The most common symptoms of this coronavirus include:

  • fever
  • dry cough
  • tiredness

Other symptoms include:

  • shortness of breath
  • aches and pains
  • sore throat
  • trouble breathing
  • chest pain or pressure
  • pink eye (conjunctivitis)
  • loss of sense of smell

These symptoms tend to start between 2 and 14 days after coming into contact with the virus.

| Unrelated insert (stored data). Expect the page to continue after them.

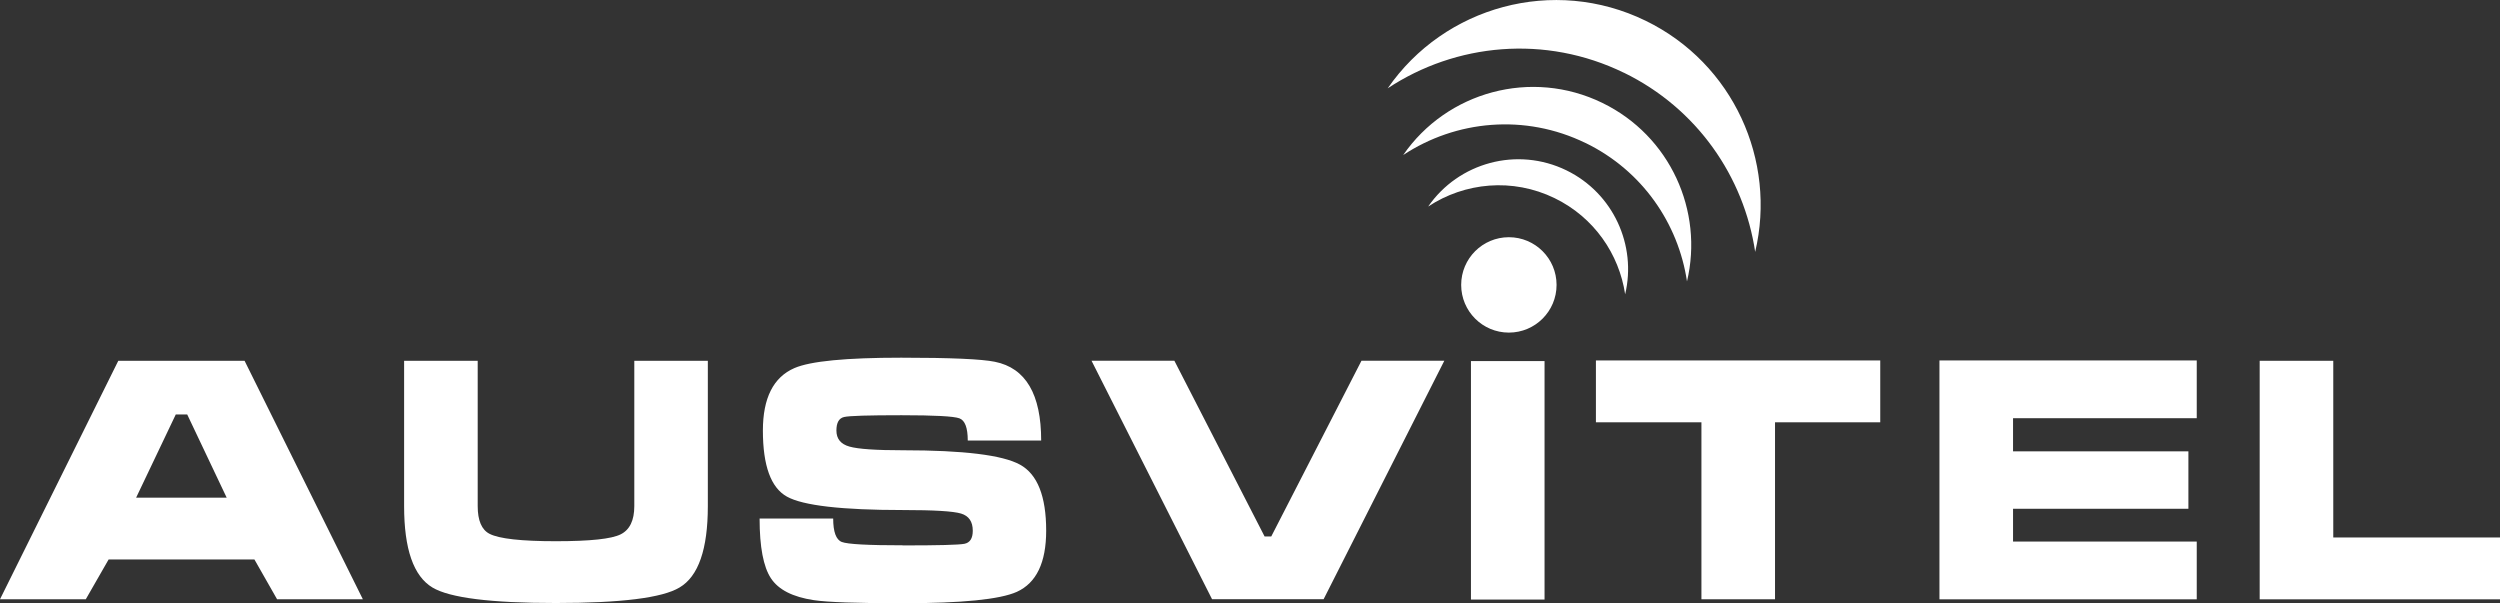 <?xml version="1.0" encoding="UTF-8"?><svg id="Layer_2" xmlns="http://www.w3.org/2000/svg" viewBox="0 0 434.53 104.87"><rect x="0" y="0" width="434.53" height="104.87" fill="#333333" stroke="none"/><defs><style>.cls-1{fill:#fff;}</style></defs><g id="Layer_1-2"><g id="logo_Ausvitel_2"><g><path class="cls-1" d="M20.56,62.71h21.95l20.56,41.45h-14.91l-3.94-6.92H18.88l-3.97,6.92H0L20.56,62.71Zm11.97,9.33h-1.98l-6.89,14.46h15.74l-6.86-14.46Z"/><path class="cls-1" d="M123.03,62.71v25.26c0,7.5-1.64,12.22-4.93,14.15-2.99,1.8-10.15,2.69-21.49,2.69s-18.45-.9-21.44-2.69c-3.29-1.97-4.93-6.68-4.93-14.15v-25.26h12.79v25.26c0,2.51,.69,4.12,2.07,4.82,1.66,.85,5.5,1.28,11.51,1.28s9.67-.4,11.26-1.19c1.59-.79,2.38-2.43,2.38-4.91v-25.26h12.79Z"/><path class="cls-1" d="M156.94,94.8c6.14,0,9.7-.09,10.68-.28,.97-.19,1.46-.94,1.46-2.27,0-1.59-.68-2.58-2.04-2.99-1.36-.41-4.73-.61-10.09-.61-10.66,0-17.39-.78-20.17-2.33-2.79-1.55-4.18-5.38-4.18-11.48,0-5.65,1.82-9.27,5.47-10.86,2.78-1.21,8.97-1.81,18.57-1.81,8.56,0,13.99,.24,16.28,.71,5.37,1.08,8.05,5.64,8.05,13.69h-12.76c0-2.21-.48-3.5-1.45-3.86-.96-.36-4.32-.54-10.07-.54s-9.09,.1-9.98,.31c-.89,.21-1.33,.99-1.33,2.35,0,1.44,.76,2.37,2.27,2.79,1.51,.43,4.61,.64,9.3,.64,10.53,0,17.31,.83,20.34,2.5,3.03,1.66,4.55,5.49,4.55,11.48,0,5.54-1.7,9.08-5.1,10.63-2.95,1.32-9.57,1.98-19.85,1.98-7.94,0-13.09-.18-15.45-.54-3.65-.55-6.13-1.81-7.44-3.8-1.31-1.98-1.97-5.44-1.97-10.38h12.79c0,2.32,.5,3.68,1.5,4.07,1,.39,4.55,.58,10.63,.58Z"/><path class="cls-1" d="M219.8,93.24h1.16l15.68-30.54h14.4l-20.98,41.45h-19.39l-20.95-41.45h14.4l15.68,30.54Z"/><path class="cls-1" d="M255.67,104.22V62.76h12.79v41.45h-12.79Z"/><path class="cls-1" d="M277.39,73.4v-10.75h49.42v10.75h-18.29v30.76h-12.79v-30.76h-18.35Z"/><path class="cls-1" d="M337.1,104.16V62.65h44.72v10.04h-31.93v5.76h30.48v9.98h-30.48v5.7h31.93v10.04h-44.72Z"/><path class="cls-1" d="M392.76,62.71h12.79v30.71h28.98v10.75h-41.77V62.71Z"/></g><g><circle class="cls-1" cx="262.26" cy="49.52" r="8.29"/><path class="cls-1" d="M282.24,12.63c12.75,6.21,20.88,18.11,22.83,31.15,3.76-15.85-3.78-32.74-19.03-40.17-16.02-7.81-35.02-2.49-44.84,11.74,11.83-7.82,27.37-9.37,41.04-2.71Z"/><path class="cls-1" d="M275.59,24.85c9.85,4.8,16.12,13.98,17.63,24.06,2.91-12.24-2.92-25.28-14.7-31.02-12.37-6.03-27.05-1.93-34.63,9.06,9.14-6.04,21.14-7.24,31.7-2.09Z"/><path class="cls-1" d="M270.23,34.45c6.84,3.33,11.19,9.71,12.24,16.7,2.02-8.49-2.03-17.55-10.2-21.54-8.59-4.18-18.77-1.34-24.04,6.29,6.34-4.19,14.67-5.03,22-1.45Z"/></g></g></g></svg>
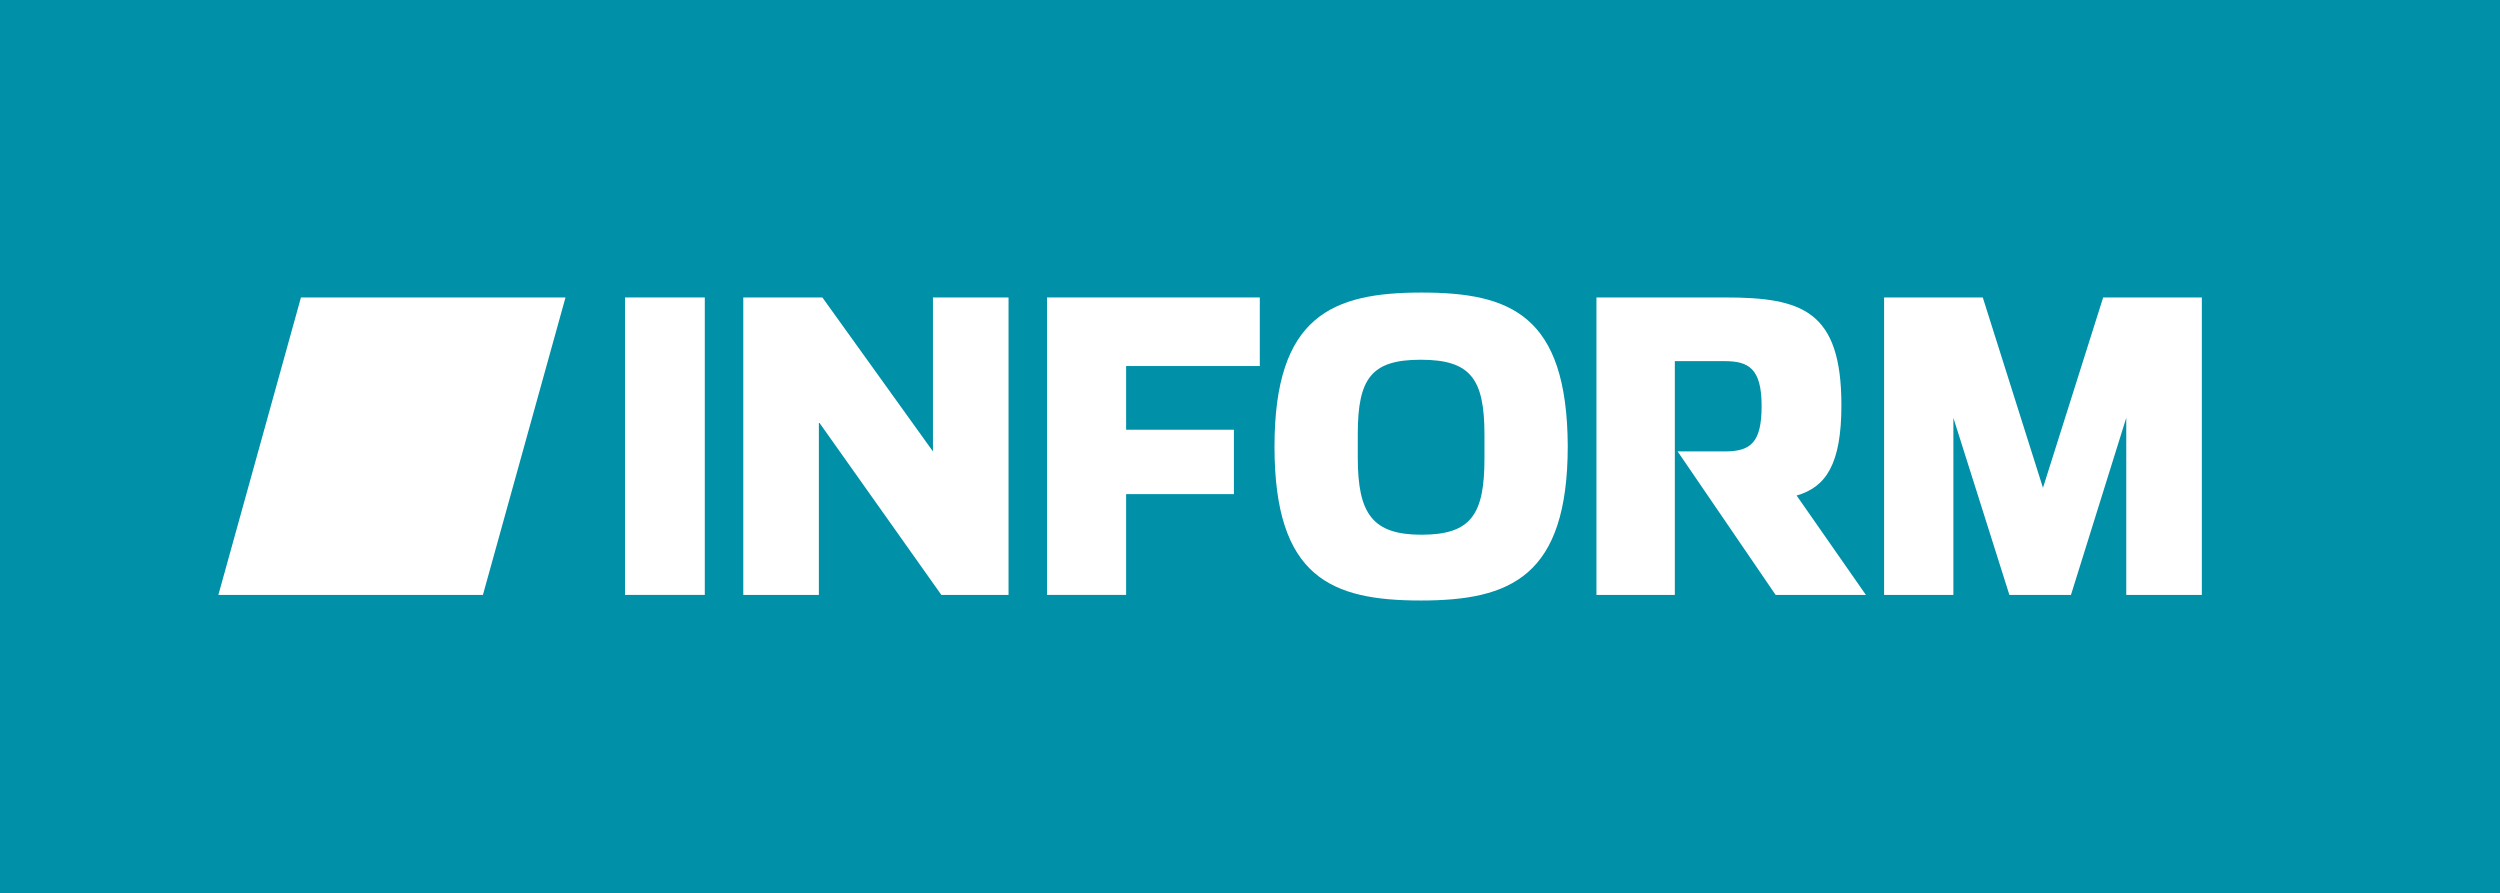 <?xml version="1.0" encoding="utf-8"?>
<!-- Generator: Adobe Illustrator 23.0.3, SVG Export Plug-In . SVG Version: 6.00 Build 0)  -->
<svg version="1.1" xmlns="http://www.w3.org/2000/svg" xmlns:xlink="http://www.w3.org/1999/xlink" x="0px" y="0px"
	 viewBox="0 0 357.2 127.6" style="enable-background:new 0 0 357.2 127.6;" xml:space="preserve">
<style type="text/css">
	.st0{fill:#0090A7;}
	.st1{fill:#FFFFFF;}
	.st2{display:none;}
</style>
<g id="HZ">
	<rect x="0" class="st0" width="357.2" height="127.6"/>
</g>
<g id="Marke">
	<g>
		<polygon class="st1" points="31.2,85 69,85 80.8,42.5 43,42.5 		"/>
		<path class="st1" d="M203.1,41.8c-12.7,0-21,3.3-21,22c0,18.7,8.1,22,20.9,22c12.8,0,21-3.4,21-22.1
			C223.9,45,215.8,41.8,203.1,41.8z M212.1,65.5c0,8-1.9,10.9-9,10.9c-7,0-9.1-3-9.1-11V62c0-8,2-10.6,9-10.6
			c7.1,0,9.1,2.7,9.1,10.7V65.5z"/>
		<path class="st1" d="M263.1,57.9c0-13.5-5.6-15.4-16.6-15.4h-18.4V85h11.2V51.6h7.1c3.4,0,5.3,1,5.3,6.4c0,5.3-1.6,6.5-5.3,6.5
			c-0.6,0-6.7,0-6.7,0L253.7,85h12.9l-9.9-14.2C260.9,69.6,263.1,66.3,263.1,57.9z"/>
		<rect x="89.3" y="42.5" class="st1" width="11.4" height="42.5"/>
		<polygon class="st1" points="133.3,64.5 117.5,42.5 106.2,42.5 106.2,85 117,85 117,60.3 134.5,85 144.1,85 144.1,42.5 
			133.3,42.5 		"/>
		<polygon class="st1" points="149.6,85 160.9,85 160.9,70.6 176.3,70.6 176.3,61.4 160.9,61.4 160.9,52.3 180,52.3 180,42.5 
			149.6,42.5 		"/>
		<polygon class="st1" points="300.5,42.5 291.9,69.7 283.3,42.5 269.2,42.5 269.2,85 279.1,85 279.1,59.7 287.1,85 295.9,85 
			303.8,59.7 303.8,85 314.6,85 314.6,42.5 		"/>
	</g>
</g>
<g id="HL" class="st2">
</g>
</svg>

Less commonly, people with COVID-19 have experienced:

  • runny nose
  • diarrhea
  • nausea
  • vomiting
  • abdominal discomfort

“Often [COVID-19] can start out with symptoms similar to a common cold,” Halle Moore, M.D., director of breast oncology at the Cleveland Clinic, told Breastcancer.org. “Patients may experience fatigue, a sore throat, and a cough, but they will usually get a fever, as well. The illness can also progress to shortness of breath and respiratory difficulties.”

Most people who are infected with this coronavirus have mild respiratory symptoms and can recover at home in about 2 weeks. However, symptoms can become severe in certain people.

Severe symptoms that require immediate medical attention include:

  • difficulty breathing or shortness of breath
  • persistent chest pain or pressure
  • confusion or inability to awaken
  • blueish color in the lips or face

If you or a loved one experiences any of these emergency warning signs, call 911 immediately. People who are older than 60, and people who have existing serious health conditions, such as heart disease, lung disease, and diabetes, appear to have a higher risk of developing severe illness and complications from COVID-19. This includes people who are receiving cancer treatments that can weaken the immune system.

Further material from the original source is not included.